- **GIVEN DATA**:
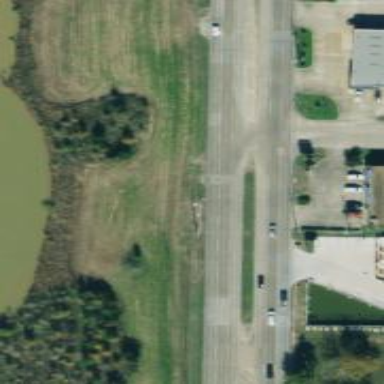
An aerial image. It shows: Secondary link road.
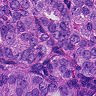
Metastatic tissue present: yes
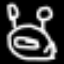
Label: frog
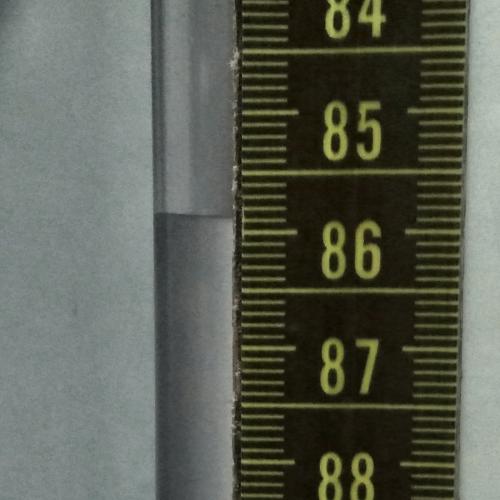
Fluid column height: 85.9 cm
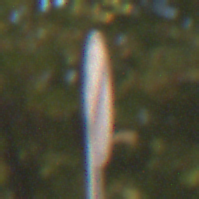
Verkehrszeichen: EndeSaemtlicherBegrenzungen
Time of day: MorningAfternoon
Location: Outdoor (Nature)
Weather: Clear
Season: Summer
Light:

* * *

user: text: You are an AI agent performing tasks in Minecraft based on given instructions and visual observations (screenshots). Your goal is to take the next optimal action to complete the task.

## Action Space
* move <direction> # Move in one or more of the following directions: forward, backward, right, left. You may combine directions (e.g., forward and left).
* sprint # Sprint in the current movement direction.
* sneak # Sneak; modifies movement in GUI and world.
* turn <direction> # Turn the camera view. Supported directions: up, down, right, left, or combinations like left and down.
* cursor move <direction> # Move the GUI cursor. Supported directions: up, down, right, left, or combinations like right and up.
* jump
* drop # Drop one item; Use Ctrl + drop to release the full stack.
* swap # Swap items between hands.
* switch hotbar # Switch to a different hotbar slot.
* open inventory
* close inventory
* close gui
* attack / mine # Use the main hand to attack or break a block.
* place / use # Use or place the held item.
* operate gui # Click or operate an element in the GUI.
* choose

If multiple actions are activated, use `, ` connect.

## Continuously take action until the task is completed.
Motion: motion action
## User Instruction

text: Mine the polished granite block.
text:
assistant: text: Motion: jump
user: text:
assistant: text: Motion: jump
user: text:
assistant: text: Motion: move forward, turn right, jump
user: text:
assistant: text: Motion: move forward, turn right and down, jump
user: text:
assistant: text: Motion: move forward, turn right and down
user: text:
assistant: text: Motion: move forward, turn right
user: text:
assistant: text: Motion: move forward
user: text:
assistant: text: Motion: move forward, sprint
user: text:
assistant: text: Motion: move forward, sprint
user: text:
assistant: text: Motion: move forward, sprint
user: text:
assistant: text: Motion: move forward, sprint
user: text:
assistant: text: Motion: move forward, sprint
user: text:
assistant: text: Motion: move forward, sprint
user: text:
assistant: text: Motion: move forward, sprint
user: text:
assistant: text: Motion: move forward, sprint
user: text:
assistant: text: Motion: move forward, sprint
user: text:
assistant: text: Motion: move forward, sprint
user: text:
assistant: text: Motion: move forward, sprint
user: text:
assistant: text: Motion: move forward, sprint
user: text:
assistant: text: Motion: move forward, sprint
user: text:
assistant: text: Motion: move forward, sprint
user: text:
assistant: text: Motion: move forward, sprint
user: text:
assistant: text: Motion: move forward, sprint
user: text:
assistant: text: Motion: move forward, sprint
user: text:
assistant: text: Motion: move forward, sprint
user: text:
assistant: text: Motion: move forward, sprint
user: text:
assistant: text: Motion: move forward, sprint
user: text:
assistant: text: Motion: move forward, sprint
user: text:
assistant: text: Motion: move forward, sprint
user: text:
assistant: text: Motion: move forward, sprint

- **WORK ITEM**: What is asked for is an exact copy of the lines above from the one containing "## Continuously take" through the one containing "assistant: text: Motion: move forward, turn right, jump", and only those.

- **RESULT OF THIS EXERCISE**:
## Continuously take action until the task is completed.
Motion: motion action
## User Instruction

text: Mine the polished granite block.
text:
assistant: text: Motion: jump
user: text:
assistant: text: Motion: jump
user: text:
assistant: text: Motion: move forward, turn right, jump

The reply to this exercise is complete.